Project Summary
The per-generation de novo mutation rate spans more than an order of magnitude among
eukaryotes and at least a two-fold range among primates. While many studies focus on those
mutations that arise during gametogenesis, experiments have shown that the rate of mutation
is higher during embryogenesis, and that half of all mutations are already present in the
germline at puberty. In this proposal we carry out multiple experiments using pedigrees from
the model nonhuman primate, rhesus macaques (Macaca mulatta), to quantify the number
and types of mutations produced during embryogenesis and gametogenesis. First, we
detect embryogenic mutations in parents by sequencing the genomes of multiple of
their offspring. Transmitted mutations produced during parental embryogenesis will appear
mosaically, enabling us to detect them in some, but not all, offspring. By sequencing multiple
siblings within a family, we will be able to measure the embryogenic mutation rate in an
unbiased manner. Second, we will quantify male germline mosaicism with pooled
sperm sequencing. The frequency of mosaic mutations reveals the timing of their genesis in
development. By deeply sequencing sperm collected from individual sires of the same
pedigrees, we will quantify the frequency of embryogenic mutations and they stage in which
they arose. In addition, pooled sequencing of sperm from offspring will help to estimate the
fraction of embryogenic mutations missed by pedigree studies. Both of these experiments
together will lead to more accurate estimates of the mutation rate during embryogenesis.
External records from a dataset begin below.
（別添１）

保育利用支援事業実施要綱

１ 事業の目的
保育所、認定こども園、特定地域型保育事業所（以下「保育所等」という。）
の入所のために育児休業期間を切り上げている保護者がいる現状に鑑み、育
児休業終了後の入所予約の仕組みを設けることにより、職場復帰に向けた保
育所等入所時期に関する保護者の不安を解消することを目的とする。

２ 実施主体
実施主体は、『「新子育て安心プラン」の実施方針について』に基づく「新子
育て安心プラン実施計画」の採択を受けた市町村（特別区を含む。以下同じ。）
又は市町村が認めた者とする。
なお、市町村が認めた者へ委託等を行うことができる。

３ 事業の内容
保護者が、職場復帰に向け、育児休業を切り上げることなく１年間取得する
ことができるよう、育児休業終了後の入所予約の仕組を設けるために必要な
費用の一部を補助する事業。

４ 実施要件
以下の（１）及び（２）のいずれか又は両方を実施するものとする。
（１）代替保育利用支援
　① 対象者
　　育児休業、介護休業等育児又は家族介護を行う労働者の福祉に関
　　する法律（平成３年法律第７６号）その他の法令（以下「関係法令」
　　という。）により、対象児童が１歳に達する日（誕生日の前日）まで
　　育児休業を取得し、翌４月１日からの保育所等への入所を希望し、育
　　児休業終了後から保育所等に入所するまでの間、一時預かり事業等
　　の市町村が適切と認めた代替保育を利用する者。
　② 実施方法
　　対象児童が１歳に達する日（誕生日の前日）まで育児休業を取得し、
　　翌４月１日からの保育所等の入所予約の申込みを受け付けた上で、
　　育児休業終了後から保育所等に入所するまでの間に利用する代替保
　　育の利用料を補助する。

Third, we will uncover early embryogenic mutations in the offspring via paired
comparisons with placenta. Mutations arising very early in an individual's development will
appear in almost all cells. To quantify these early embryogenic mutations, we will sequence
placentas from the same sequenced offspring. The placenta separates from the lineage
leading to the embryo shortly after fertilization. Comparing mutations found in the placenta
with those from blood samples of the developed embryo will allow us to delineate the timing
of mutations. This experiment has many of the same advantages as studies of monozygotic
twins, but with tissues that are readily available from a singleton birth.